Il coniglio, la cavia peruviana, il cincilla e gli altri piccoli mammiferi con i quali scegliamo di vivere in genere non hanno accesso all’esterno se non in rare occasioni.
In questo modo non possono esporsi per un tempo sufficiente alla luce solare diretta e all’azione dei raggi ultravioletti.
La conseguenza è un’insufficiente concentrazione di vitamina D nel sangue.

Cosa dicono gli studi?

Molti studi scientifici ci dicono che la mancata esposizione ad una quantità sufficiente di ultravioletti predispone a disturbi e patologie a carico soprattutto del sistema scheletrico ma non solo.
Nei Piccoli Mammiferi in particolare una carente esposizione alla luce solare diretta può essere una causa o concausa di patologia dentale, motivo in più per fare attenzione!

In conclusione

Nessun animale, proprio come noi, può vivere l’intera esistenza senza luce solare diretta, pena l’insorgenza di patologie anche gravi.
Non lo dimentichiamo…

A Febbraio 2016 è stato pubblicato un interessante articolo della collega Elisabetta Mancinelli dedicato all’importanza degli UVB per i Piccoli Mammiferi.

Si può leggere a questo link.

L’importanza della vitamina D

La vitamina D è una sostanza fondamentale che interviene in numerosi processi fisiologici: la crescita, lo sviluppo e il rimodellamento del tessuto osseo, la funzione neuromuscolare, il sistema cardiocircolatorio, la riproduzione, il sistema immunitario.
La vitamina D interviene anche attivamente nell’assorbimento intestinale di calcio, nel riassorbimento dai tubuli renali, nell’equilibrio calcio-fosforo e nella regolazione degli ormoni prodotti dalla paratiroide

Dove si trova la vitamina D?

Gli animali, noi compresi ovviamente, possono assumerla con la dieta o possono produrla previa esposizione agli UVB, con differenze tra una specie e l’altra.

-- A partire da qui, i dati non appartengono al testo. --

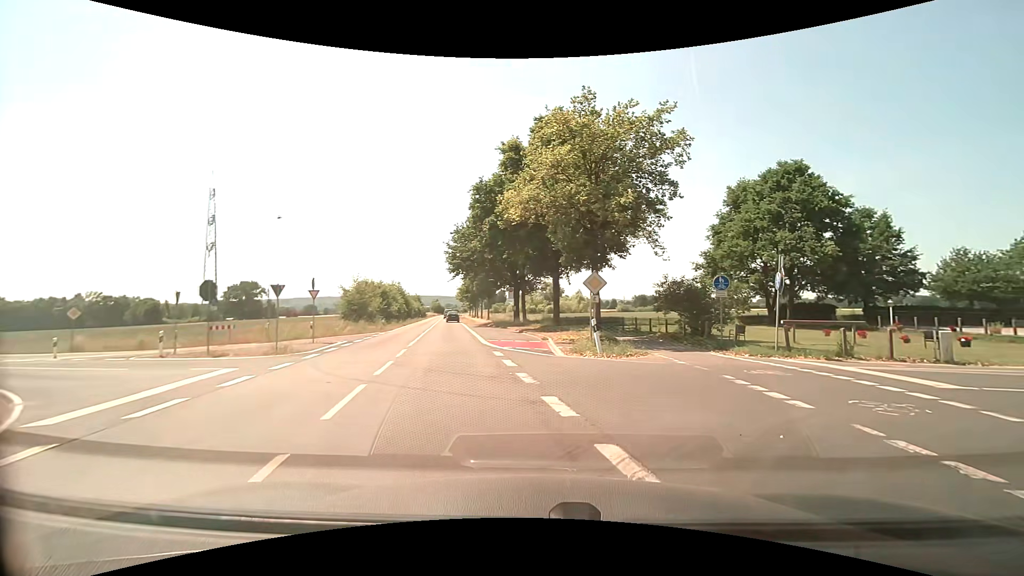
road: secondary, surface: asphalt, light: Day
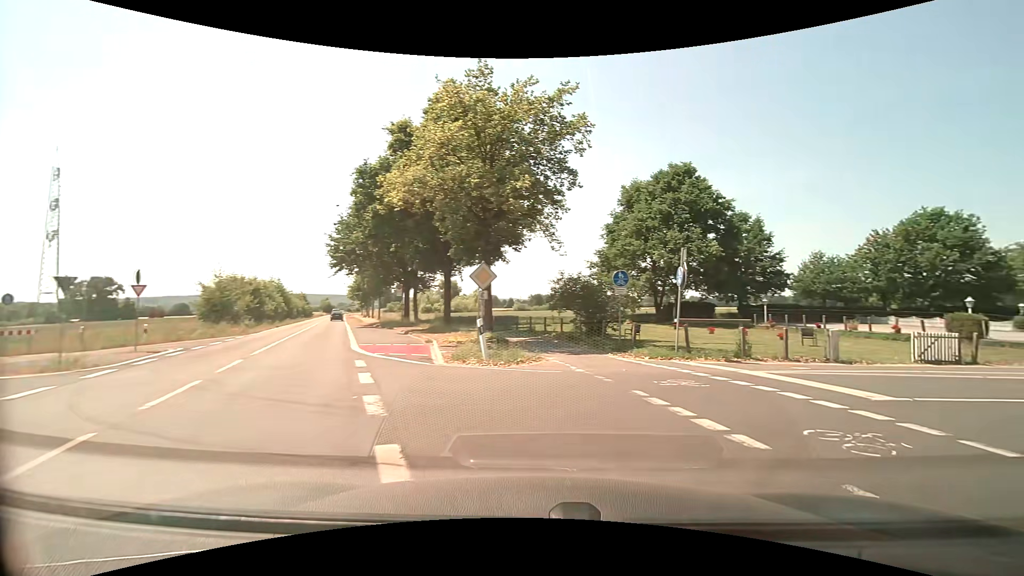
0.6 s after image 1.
(+0.3, +2.9) m; +10°
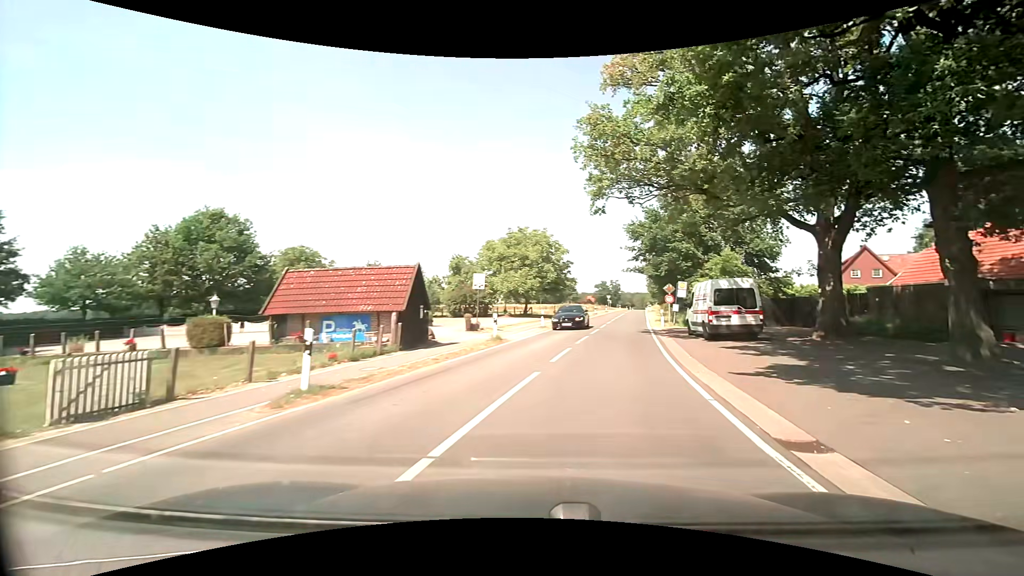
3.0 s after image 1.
(+6.4, +8.3) m; +71°
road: tertiary
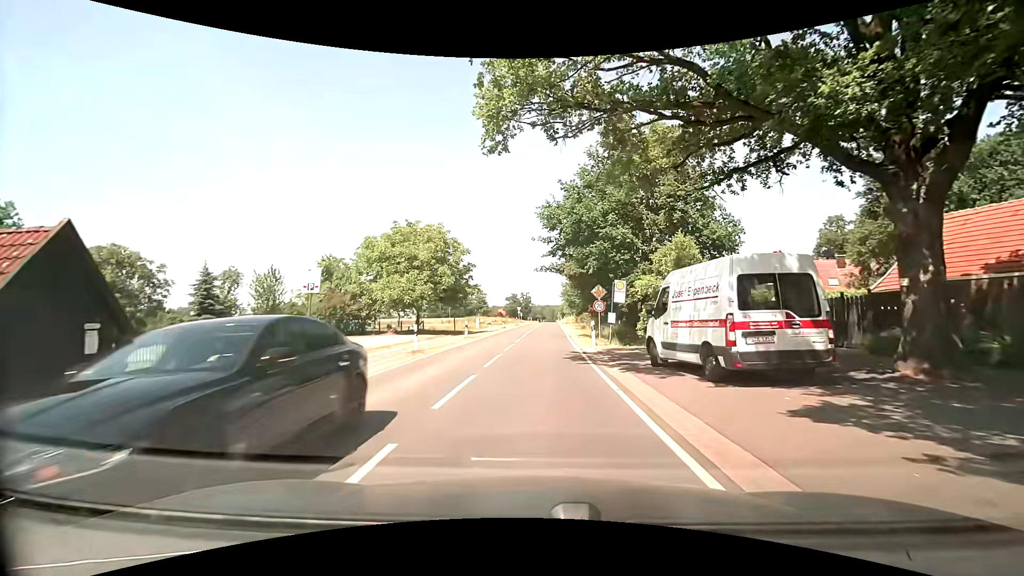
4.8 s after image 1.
(+1.2, +11.6) m; +8°
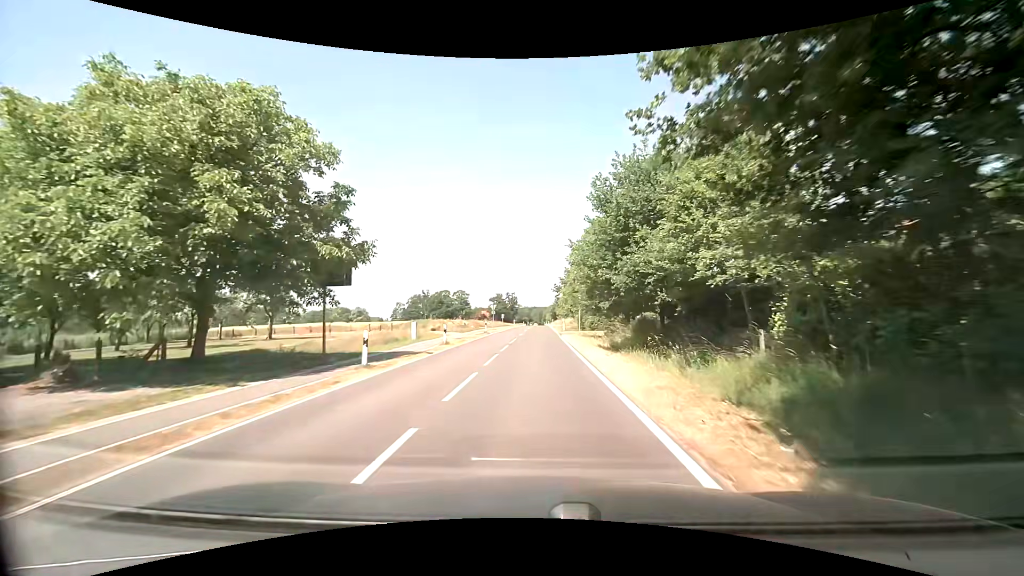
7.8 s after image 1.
(+0.9, +29.8) m; +2°
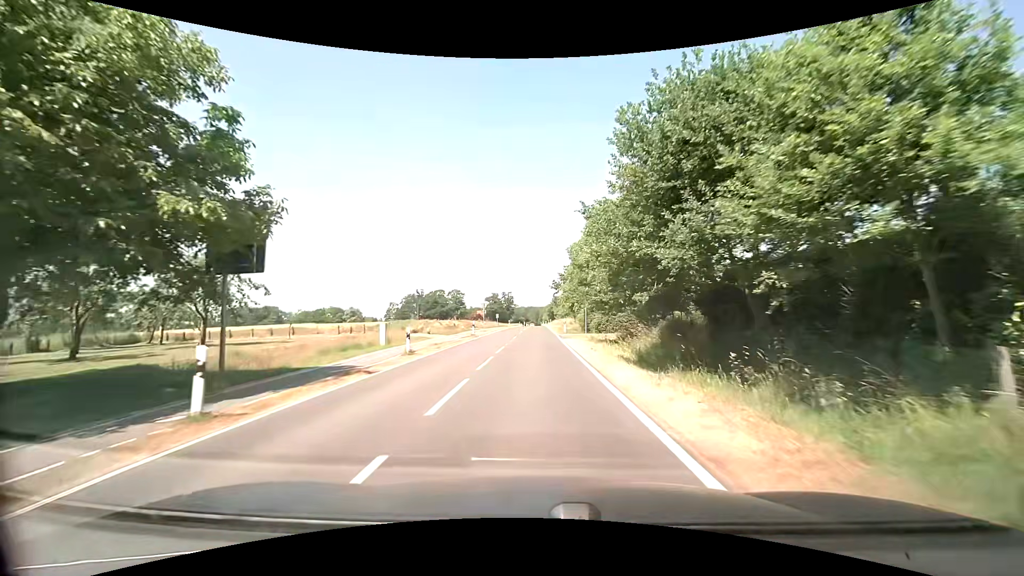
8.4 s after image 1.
(0.0, +7.2) m; +1°
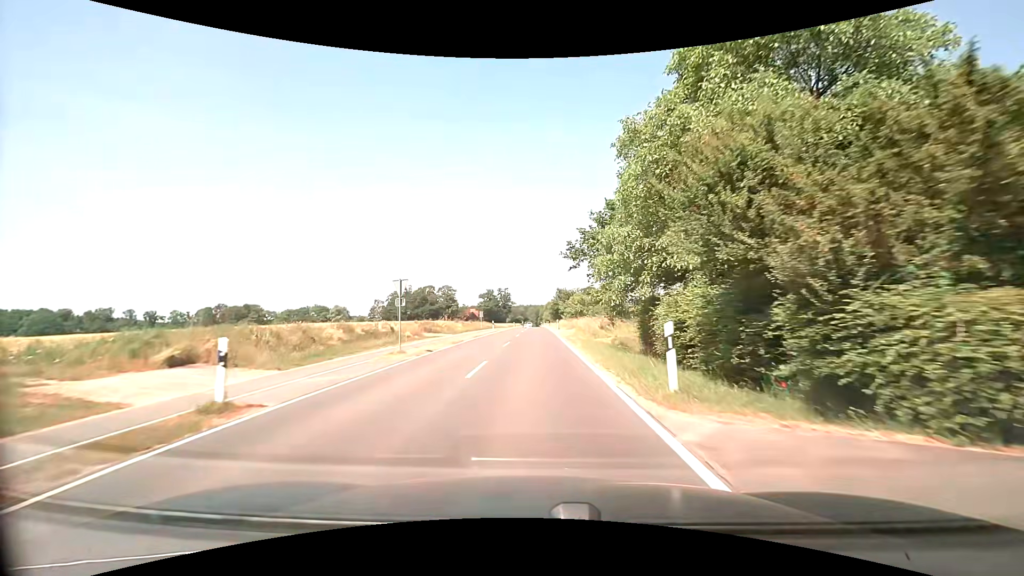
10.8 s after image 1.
(-0.1, +32.2) m; 0°
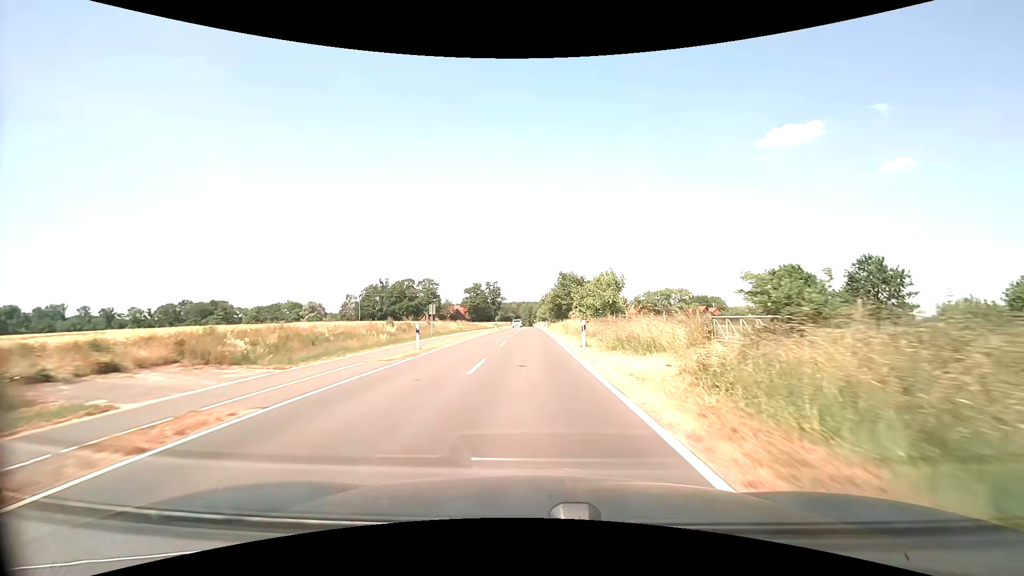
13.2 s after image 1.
(+0.2, +35.4) m; +1°
(0, +10) (0, +20) (0, +30) (0, +40) (0, +50) (0, +60) (0, +70) (-1, +80) (-1, +90) (-1, +100) m

Gli animali carnivori in genere per esempio soddisfano in gran parte il loro fabbisogno con l’alimentazione, gli erbivori invece con l’esposizione agli ultravioletti.

Piccoli Mammiferi e UVB

Non si conoscono i fabbisogni esatti di ogni singola specie ma è possibile dare alcune indicazioni importanti.

Il coniglio

I conigli hanno un meccanismo di riassorbimento del calcio molto particolare in gran parte indipendente dalla vitamina D.

La crescita continua dei denti infatti provoca una grande necessità di calcio, dal 30 al 50% in più rispetto ad altre specie, che viene assorbito passivamente dall’intestino.

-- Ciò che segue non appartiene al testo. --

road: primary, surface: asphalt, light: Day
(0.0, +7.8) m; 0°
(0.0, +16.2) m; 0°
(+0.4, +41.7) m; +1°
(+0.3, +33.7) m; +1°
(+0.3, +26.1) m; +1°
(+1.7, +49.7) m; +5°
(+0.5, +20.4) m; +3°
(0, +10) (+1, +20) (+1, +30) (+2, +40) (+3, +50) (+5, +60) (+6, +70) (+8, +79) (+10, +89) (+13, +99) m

Un’insufficiente concentrazione di vitamina D è comunque un fattore chiave per la patologia dentale acquisita e per questo è fondamentale che siano esposti anche alla luce solare diretta che consente l’attivazione della vitamina.

La cavia peruviana

Le cavie sono animali dalle abitudini diurne, che in natura vivono ad elevate altitudini.

Si presume quindi che per loro l’esposizione alla luce solare sia ancora più importante rispetto ad altre specie.

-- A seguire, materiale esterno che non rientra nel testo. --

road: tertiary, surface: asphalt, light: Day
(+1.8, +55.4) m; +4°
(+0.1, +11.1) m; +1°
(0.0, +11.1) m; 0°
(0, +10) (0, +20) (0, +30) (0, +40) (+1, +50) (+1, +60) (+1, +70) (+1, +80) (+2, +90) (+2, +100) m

Anche per loro è fondamentale ridurre tutti i fattori che possono predisporre alla patologia dentale acquisita.

Il cincilla

I cincilla come le cavie in natura vivono nella regione andina ma hanno abitudini notturne, pertanto la loro necessità di esposizione sarà inferiore rispetto alle cavie.

Non va sottovalutato anche in questa specie il ruolo dell’ipovitaminosi D per le patologie dentali.

E quindi cosa possiamo fare?

In commercio esistono lampade UVB, fondamentali per i rettili (ma l’importanza dell’argomento richiede un approfondimento a parte!) e in alcuni casi consigliate per i pappagalli.

Per i Piccoli Mammiferi la cosa migliore è consentire loro l’esposizione alla luce solare diretta, cioè non filtrata da vetro, plexiglass o reti fitte.

Anche perché lo spettro della luce solare è molto ampio, non comprende solo gli UVB ma anche altre componenti come UVA e UVC con ruoli altrettanto importanti e nessuna lampada può sostituire il sole!

Si può mettere un balcone in sicurezza per evitare cadute e consentire agli animali l’accesso durante il giorno, in particolare conigli e cavie.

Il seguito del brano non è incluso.